This entry has not been updated since then but may contain minor corrections and revisions.

SUSPENSION, n. Sc. Law: (a warrant for) stay of execution of a decree or sentence of Court until the matter can be reviewed, used in cases when ordinary appeal is incompetent. According to the nature of the proceedings suspension is also found in various phrs. as bill or letters of suspension, suspension and interdict, suspension and liberation (see quots.).Sc. 1703 Burgh Rec. Gsw. (1908) 365:
He had obtained ane decreit of suspensione and declaratour.
Sc. 1709 Earls Crm. (Fraser 1876) II. 103:
Mr. Greenshields, the minister who is still kept in prison by the magistrates for reading the English service, gave in a suspension to the Session in order to his liberation.
Sc. 1722 W. Forbes Institute I. ii. 199:
When a Person finds himself aggrieved by any inferior Judge, the Cause may be called up to the Session by Advocation before, or Suspension and Reduction after the Sentence, in order to get it reviewed, or a Stop put to the Execution of it.
Sc. 1742 Morison Decisions 587:
The Lords refused the bill of suspension.
Sc. 1754 Erskine Principles iv. iii. § 5:
The first step towards suspension is a bill preferred to the Lord Ordinary on the bills. This bill, when the desire of it is granted, is a warrant for issuing letters of suspension which pass the signet.
Sc. 1807 in Stat. Acc.2 I. 577 note:
The Lords, in the suspension, repel the reasons of suspension, and in the declarator, find that the minister has right to work the coal in question below his glebe.
Sc. 1824 Scott Redgauntlet xx.:
A decreet of the Bailies' followed by poinding, and an act of warding — a suspension intended.
Sc. 1830 W. Chambers Bk. Scotland 112:
When suspensions are refused to be sustained, they can still be brought into the court by a petition to either of the divisions of the inner house, praying that the decision of the Ordinary on the bills may be altered.
Sc. 1896 W. K. Morton Manual 460:
Where a right is being invaded, or threatened with invasion (say an encroachment on land by building thereon), a remedy is obtained . . . with a Note of Suspension and Interdict craving the Court “to suspend the proceedings complained of.”

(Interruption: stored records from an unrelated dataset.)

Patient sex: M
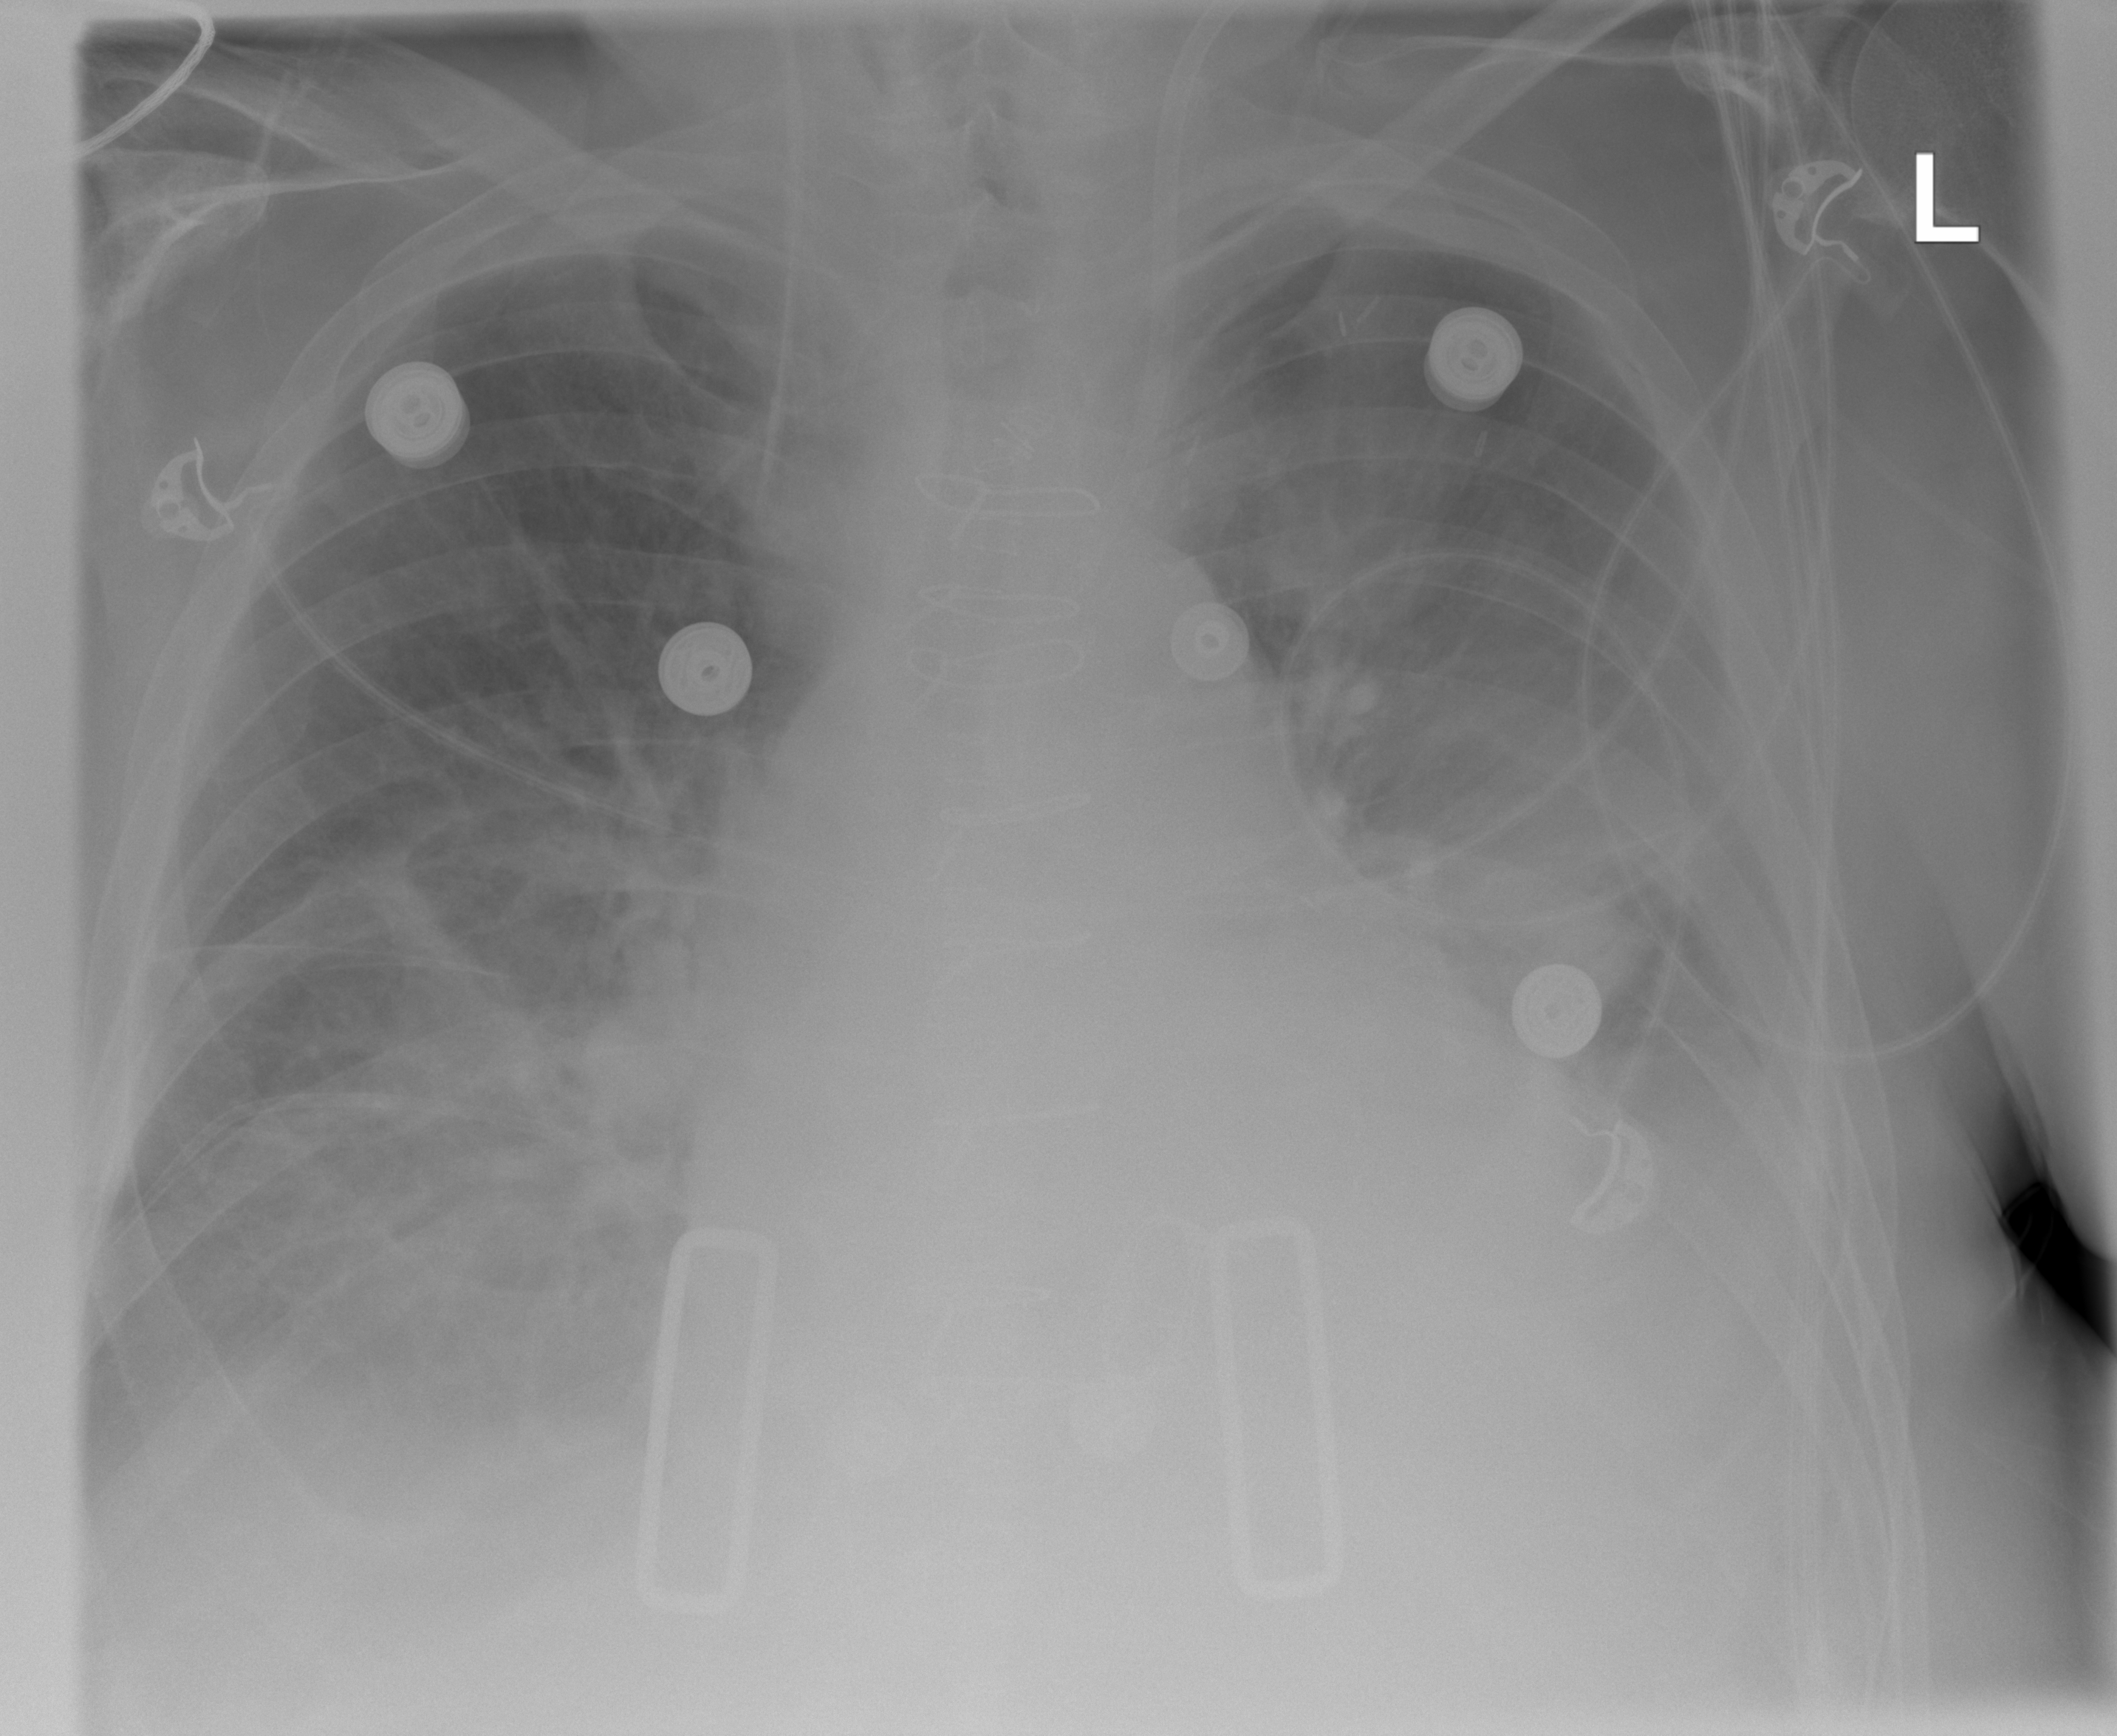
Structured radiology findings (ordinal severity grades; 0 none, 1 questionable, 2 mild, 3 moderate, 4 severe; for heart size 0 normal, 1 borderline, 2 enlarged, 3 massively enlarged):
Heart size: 2
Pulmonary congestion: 2
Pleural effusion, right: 2
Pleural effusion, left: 3
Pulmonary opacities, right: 2
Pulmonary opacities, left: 0
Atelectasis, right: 3
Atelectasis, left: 2
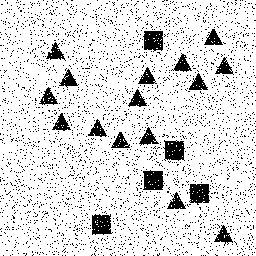
Squares: 5
Triangles: 15
Stars: 0
Total shapes: 20
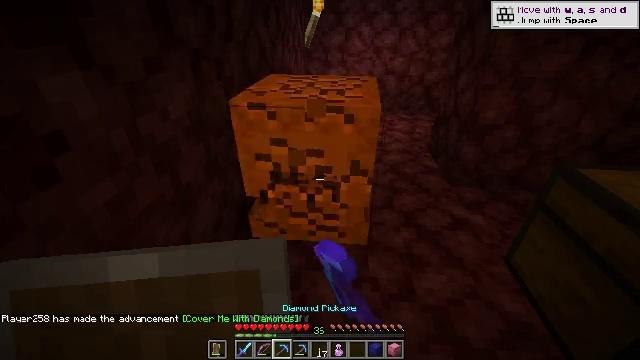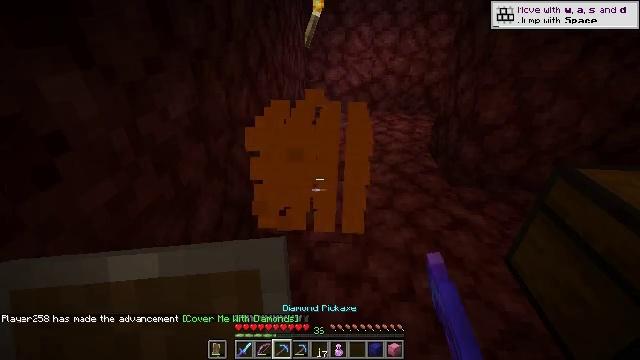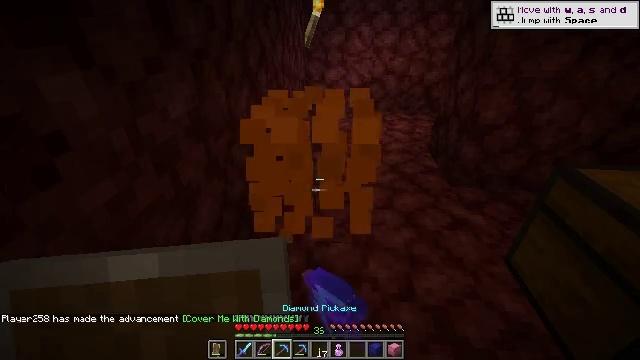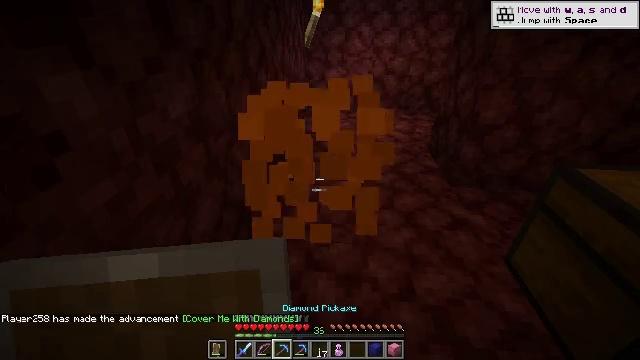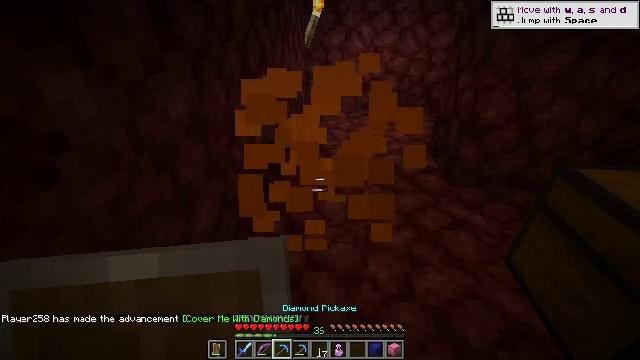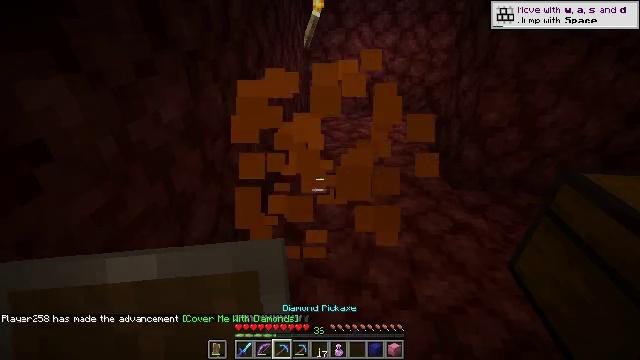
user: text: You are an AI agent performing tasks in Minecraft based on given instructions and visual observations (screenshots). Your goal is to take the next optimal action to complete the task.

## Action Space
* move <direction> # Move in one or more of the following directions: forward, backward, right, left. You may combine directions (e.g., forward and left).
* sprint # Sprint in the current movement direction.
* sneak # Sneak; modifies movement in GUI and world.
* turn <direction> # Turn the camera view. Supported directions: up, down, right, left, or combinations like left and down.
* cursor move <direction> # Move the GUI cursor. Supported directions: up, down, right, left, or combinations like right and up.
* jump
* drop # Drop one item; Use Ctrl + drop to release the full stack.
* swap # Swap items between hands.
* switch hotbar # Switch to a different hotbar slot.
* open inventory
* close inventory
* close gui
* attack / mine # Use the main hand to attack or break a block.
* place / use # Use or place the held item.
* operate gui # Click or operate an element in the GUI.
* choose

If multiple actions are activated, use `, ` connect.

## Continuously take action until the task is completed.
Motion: motion action
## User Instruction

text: Harvest the orange shulker box.
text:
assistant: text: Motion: attack / mine
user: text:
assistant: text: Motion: attack / mine
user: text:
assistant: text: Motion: no_op
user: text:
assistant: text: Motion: no_op
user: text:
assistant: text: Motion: move forward
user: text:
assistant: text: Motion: no_op
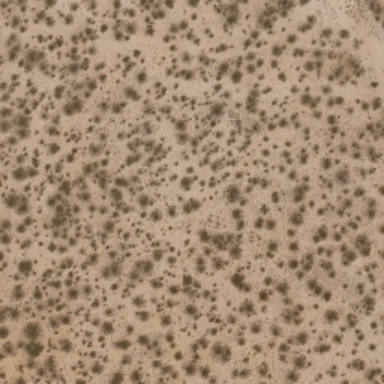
This is a chaparral .
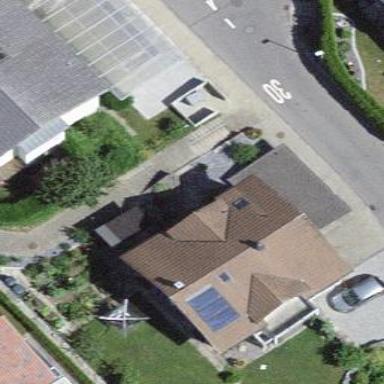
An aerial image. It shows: Group of garages.
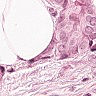
Metastatic tissue present: yes
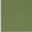
Piece: xx
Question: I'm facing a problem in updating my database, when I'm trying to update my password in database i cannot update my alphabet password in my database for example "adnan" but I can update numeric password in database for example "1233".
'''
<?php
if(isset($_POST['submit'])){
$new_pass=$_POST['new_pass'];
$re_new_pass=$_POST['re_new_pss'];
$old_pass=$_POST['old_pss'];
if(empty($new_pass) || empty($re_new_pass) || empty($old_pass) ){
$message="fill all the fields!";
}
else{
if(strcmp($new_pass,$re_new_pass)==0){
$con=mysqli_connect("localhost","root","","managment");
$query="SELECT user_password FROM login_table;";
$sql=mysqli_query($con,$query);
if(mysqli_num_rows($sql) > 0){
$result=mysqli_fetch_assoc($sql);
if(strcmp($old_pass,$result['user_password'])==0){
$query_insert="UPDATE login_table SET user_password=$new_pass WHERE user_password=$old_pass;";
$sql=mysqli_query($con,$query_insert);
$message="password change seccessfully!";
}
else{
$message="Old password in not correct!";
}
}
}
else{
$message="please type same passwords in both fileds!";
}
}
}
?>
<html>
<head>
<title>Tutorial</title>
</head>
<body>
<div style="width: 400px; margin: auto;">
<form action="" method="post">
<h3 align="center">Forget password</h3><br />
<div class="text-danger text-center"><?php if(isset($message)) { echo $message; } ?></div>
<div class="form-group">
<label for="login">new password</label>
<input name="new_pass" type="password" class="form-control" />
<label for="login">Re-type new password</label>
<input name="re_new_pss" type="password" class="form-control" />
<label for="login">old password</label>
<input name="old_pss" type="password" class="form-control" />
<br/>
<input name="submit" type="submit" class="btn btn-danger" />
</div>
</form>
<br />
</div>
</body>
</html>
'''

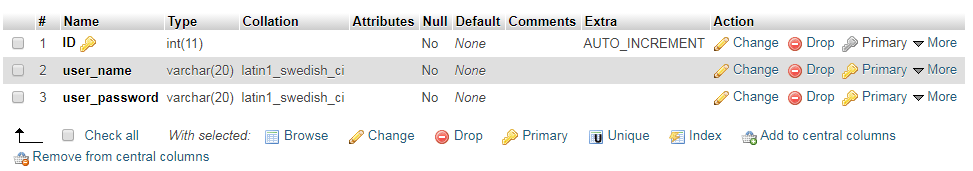
Answer: edit sql update:
'''
$query_insert="UPDATE login_table SET user_password='".$new_pass."' WHERE user_password='".$old_pass."';";
'''
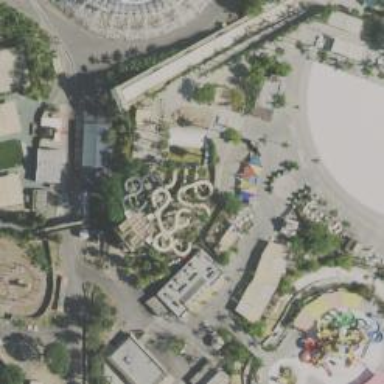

Sc. 1901 N. Munro Doom Castle iv.:
Records, caveats, multiple-poindings, actions of suspension and declarator.
Sc. 1904 A. M. Anderson Crim. Law Scot. 333:
Suspension and Liberation is the appropriate procedure where the complainer is in prison and desires to be liberated.
Sc. 1933 Encycl. Laws Scot. XIV. 330–3:
Where the charge has been followed by poinding, the remedy is Suspension and Interdict. . . . Suspension is now competent in the Sheriff Court of the defender's domicile.

[O.Sc. suspensioun, id., 1581.]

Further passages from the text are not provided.